### [Data excerpts]
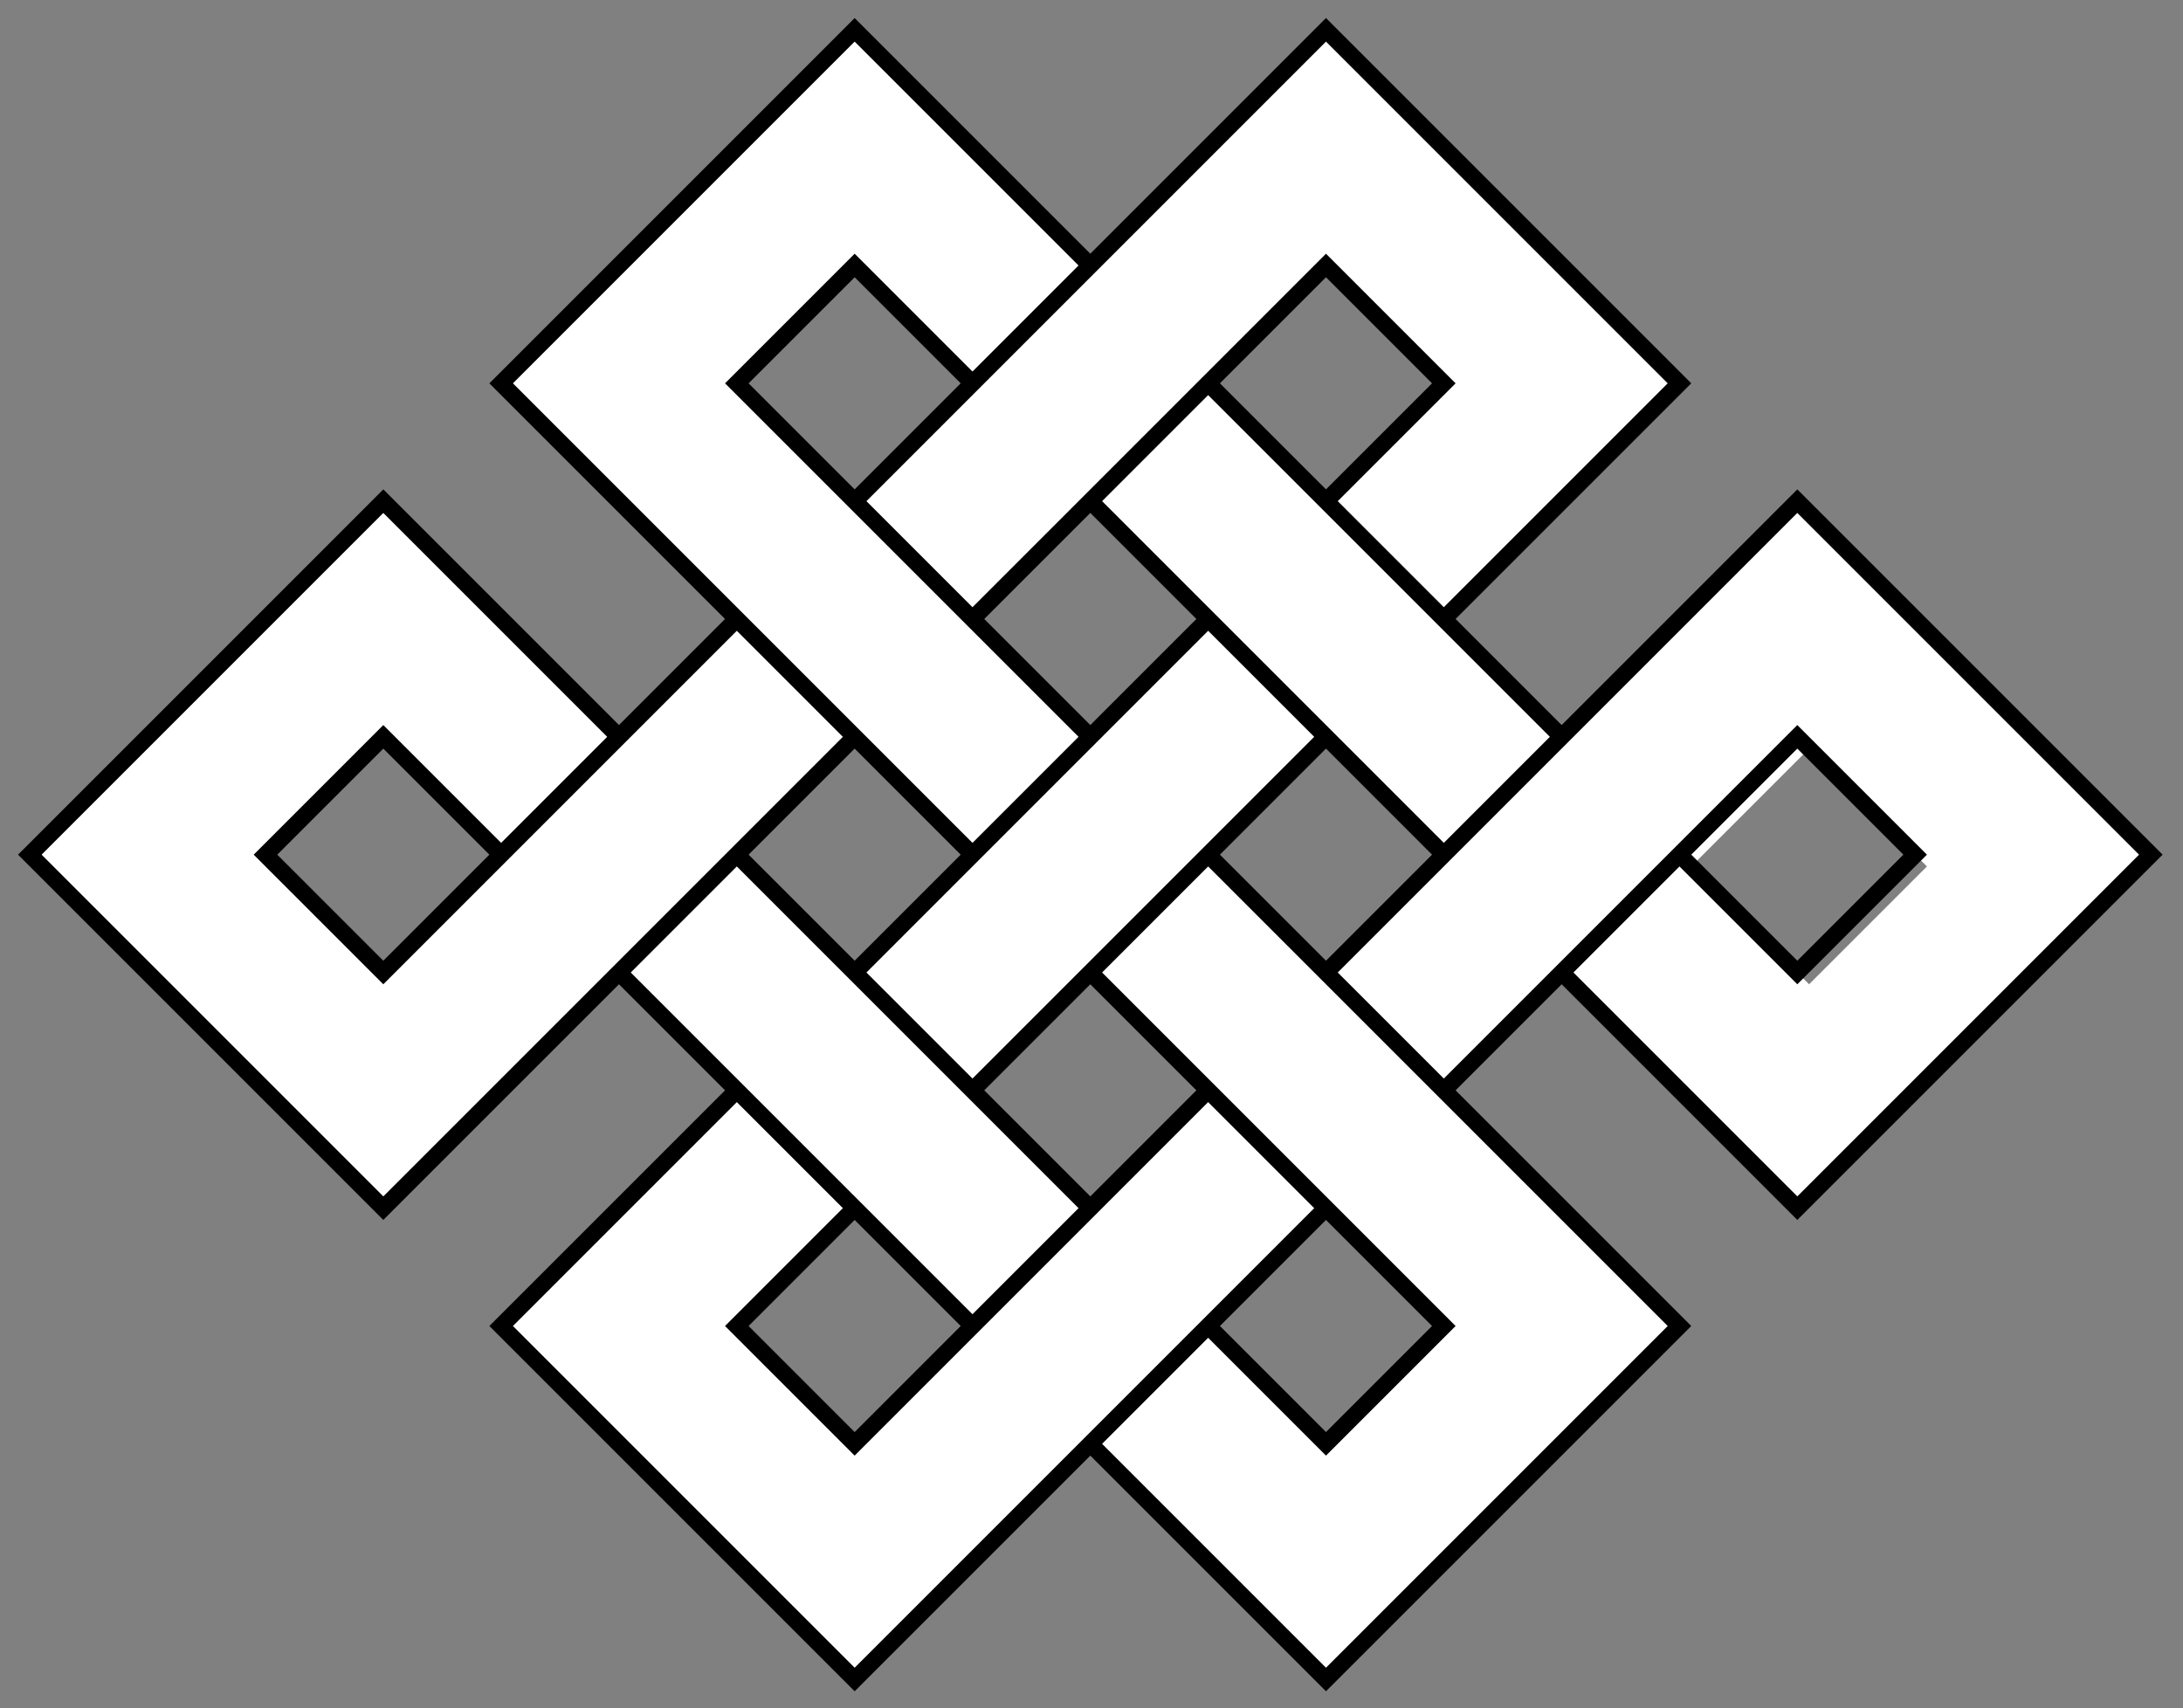 <?xml version="1.0" encoding="UTF-8"?>
<svg width="65.5mm" height="51.25mm" version="1.1" viewBox="-1375 -875 6550 5125" xmlns="http://www.w3.org/2000/svg">
<rect x="-1375" y="-875" width="6550" height="5125" fill="#808080" stroke="none"/>
<g transform="rotate(45,2250,2750)">
<path d="m0 0h1500v1e3h500v-1e3h1500v1500h-1e3v500h1e3v1500h-1e3v1e3h-1500v-1e3h-500v1e3h-1500v-1500h1e3v-500h-1e3v-1500h1e3zm500 500v500h500v-500zm2050 0v500h500v-500zm-1050 1e3v500h500v-500zm-1e3 0v500h500v-500zm-1e3 0v500h500v-500zm1e3 1e3v500h500v-500zm1e3 0v500h500v-500zm1e3 0v500h500v-500zm-1e3 1e3v500h500v-500zm-2e3 0v500h500v-500z" fill="#fff"/>
<g fill="none" stroke="#000" stroke-width="50">
<polyline points="0 2e3 0 0 1500 0 1500 1e3"/>
<polyline points="2e3 2e3 2e3 0 3500 0 3500 1500 2500 1500"/>
<polyline points="500 2e3 500 500 1e3 500 1e3 1e3"/>
<polyline points="2500 2e3 2500 500 3e3 500 3e3 1e3 2500 1e3"/>
<polyline points="0 1e3 -1e3 1e3 -1e3 2500 1e3 2500"/>
<polyline points="0 1500 -500 1500 -500 2e3 1e3 2e3"/>
<polyline points="1500 2e3 3500 2e3 3500 3500 2500 3500"/>
<polyline points="1500 2500 3e3 2500 3e3 3e3 2500 3e3"/>
<polyline points="1e3 1500 1e3 3e3"/>
<polyline points="1500 1500 1500 3e3"/>
<polyline points="500 1e3 2e3 1e3"/>
<polyline points="500 1500 2e3 1500"/>
<polyline points="500 3e3 2e3 3e3"/>
<polyline points="500 3500 2e3 3500"/>
<polyline points="2500 2500 2500 4500 1e3 4500 1e3 3500"/>
<polyline points="500 2500 500 4500 -1e3 4500 -1e3 3e3 0 3e3"/>
<polyline points="2e3 2500 2e3 4e3 1500 4e3 1500 3500"/>
<polyline points="0 2500 0 4e3 -500 4e3 -500 3500 0 3500"/>
</g>
</g>
</svg>

### [Task to carry out]
Would you please output the listing above exactly, leaving out the pictures?

### [Reply to the task]
 <?xml version="1.0" encoding="UTF-8"?>
<svg width="65.5mm" height="51.25mm" version="1.1" viewBox="-1375 -875 6550 5125" xmlns="http://www.w3.org/2000/svg">
<rect x="-1375" y="-875" width="6550" height="5125" fill="#808080" stroke="none"/>
<g transform="rotate(45,2250,2750)">
<path d="m0 0h1500v1e3h500v-1e3h1500v1500h-1e3v500h1e3v1500h-1e3v1e3h-1500v-1e3h-500v1e3h-1500v-1500h1e3v-500h-1e3v-1500h1e3zm500 500v500h500v-500zm2050 0v500h500v-500zm-1050 1e3v500h500v-500zm-1e3 0v500h500v-500zm-1e3 0v500h500v-500zm1e3 1e3v500h500v-500zm1e3 0v500h500v-500zm1e3 0v500h500v-500zm-1e3 1e3v500h500v-500zm-2e3 0v500h500v-500z" fill="#fff"/>
<g fill="none" stroke="#000" stroke-width="50">
<polyline points="0 2e3 0 0 1500 0 1500 1e3"/>
<polyline points="2e3 2e3 2e3 0 3500 0 3500 1500 2500 1500"/>
<polyline points="500 2e3 500 500 1e3 500 1e3 1e3"/>
<polyline points="2500 2e3 2500 500 3e3 500 3e3 1e3 2500 1e3"/>
<polyline points="0 1e3 -1e3 1e3 -1e3 2500 1e3 2500"/>
<polyline points="0 1500 -500 1500 -500 2e3 1e3 2e3"/>
<polyline points="1500 2e3 3500 2e3 3500 3500 2500 3500"/>
<polyline points="1500 2500 3e3 2500 3e3 3e3 2500 3e3"/>
<polyline points="1e3 1500 1e3 3e3"/>
<polyline points="1500 1500 1500 3e3"/>
<polyline points="500 1e3 2e3 1e3"/>
<polyline points="500 1500 2e3 1500"/>
<polyline points="500 3e3 2e3 3e3"/>
<polyline points="500 3500 2e3 3500"/>
<polyline points="2500 2500 2500 4500 1e3 4500 1e3 3500"/>
<polyline points="500 2500 500 4500 -1e3 4500 -1e3 3e3 0 3e3"/>
<polyline points="2e3 2500 2e3 4e3 1500 4e3 1500 3500"/>
<polyline points="0 2500 0 4e3 -500 4e3 -500 3500 0 3500"/>
</g>
</g>
</svg>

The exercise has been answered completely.